Salvador-Meneses Jaime, Ruiz-Chavez Zoila, Garcia-Rodriguez Jose
Facultad de Ingeniería, Ciencias Físicas y Matemática, Universidad Central del Ecuador, Quito 170129, Ecuador.
Computer Technology Department, University of Alicante, 03080 Alicante, Spain.
Entropy (Basel). 2019 Feb 28;21(3):234. doi: 10.3390/e21030234.
The NN (k-nearest neighbors) classification algorithm is one of the most widely used non-parametric classification methods, however it is limited due to memory consumption related to the size of the dataset, which makes them impractical to apply to large volumes of data. Variations of this method have been proposed, such as condensed KNN which divides the training dataset into clusters to be classified, other variations reduce the input dataset in order to apply the algorithm. This paper presents a variation of the NN algorithm, of the type structure less NN, to work with categorical data. Categorical data, due to their nature, can be compressed in order to decrease the memory requirements at the time of executing the classification. The method proposes a previous phase of compression of the data to then apply the algorithm on the compressed data. This allows us to maintain the whole dataset in memory which leads to a considerable reduction of the amount of memory required. Experiments and tests carried out on known datasets show the reduction in the volume of information stored in memory and maintain the accuracy of the classification. They also show a slight decrease in processing time because the information is decompressed in real time (on-the-fly) while the algorithm is running.

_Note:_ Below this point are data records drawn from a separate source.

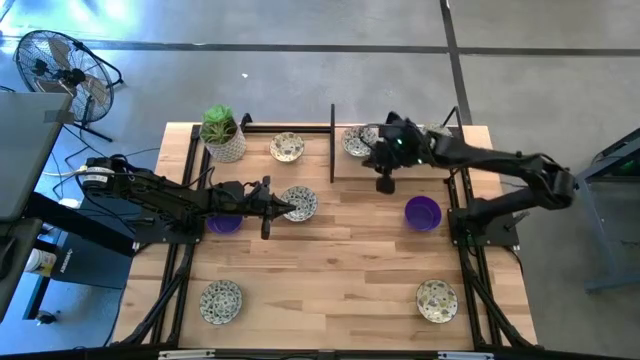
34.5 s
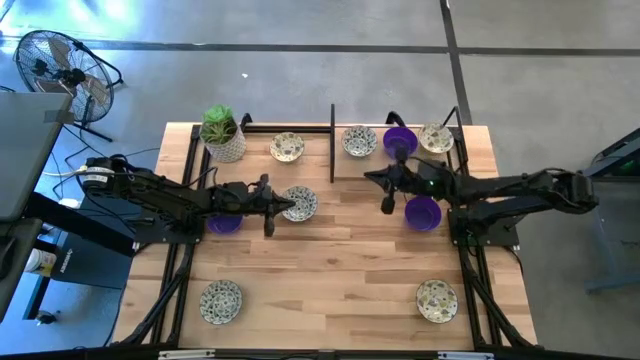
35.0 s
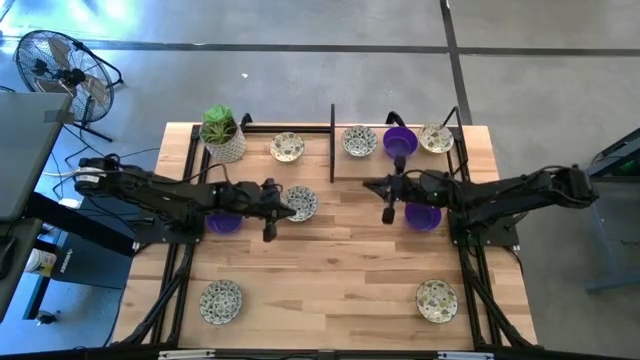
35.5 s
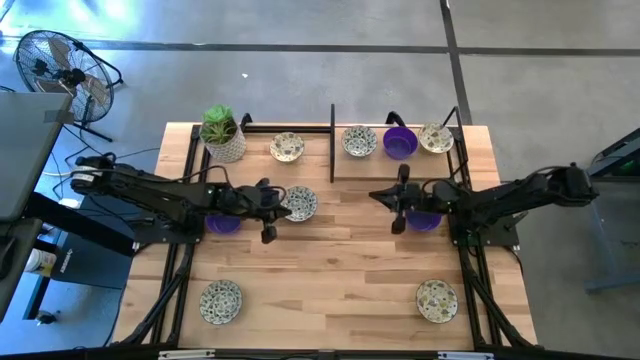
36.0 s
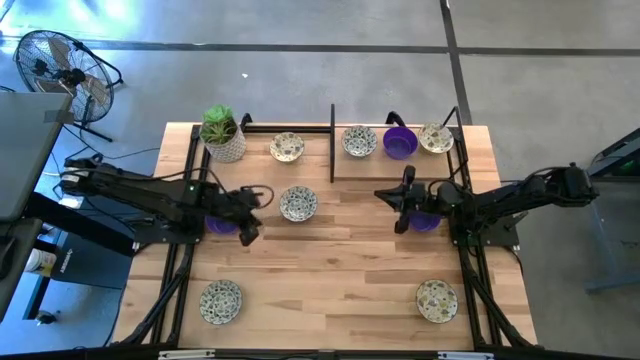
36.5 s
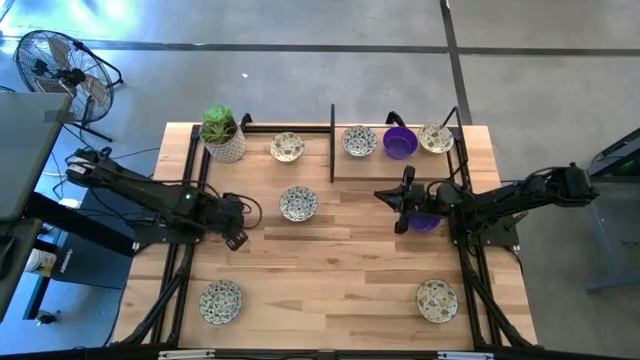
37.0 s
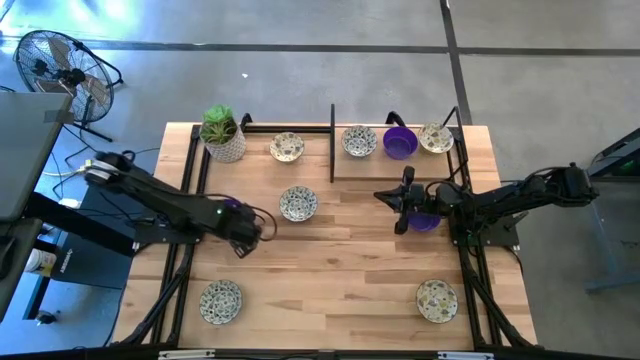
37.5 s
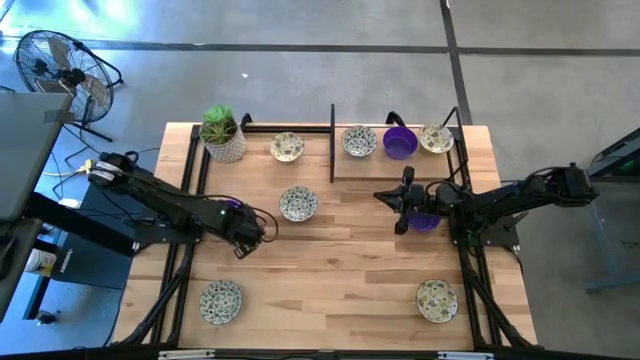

NN(k近邻)分类算法是应用最为广泛的非参数分类方法之一,然而,由于与数据集大小相关的内存消耗,该算法存在局限性,这使得它在处理大量数据时并不实用。人们已经提出了该方法的多种变体,比如凝聚KNN,它将训练数据集划分为多个待分类的簇,其他变体则通过减少输入数据集来应用该算法。本文提出了一种NN算法的变体,即无结构NN,用于处理分类数据。分类数据因其性质,可以进行压缩,以降低执行分类时的内存需求。该方法建议在数据上进行一个预压缩阶段,然后在压缩后的数据上应用算法。这使我们能够将整个数据集保存在内存中,从而大幅减少所需的内存量。在已知数据集上进行的实验和测试表明,内存中存储的信息量有所减少,同时分类的准确性得以保持。实验还表明,处理时间略有减少,因为在算法运行时信息是实时(动态)解压缩的。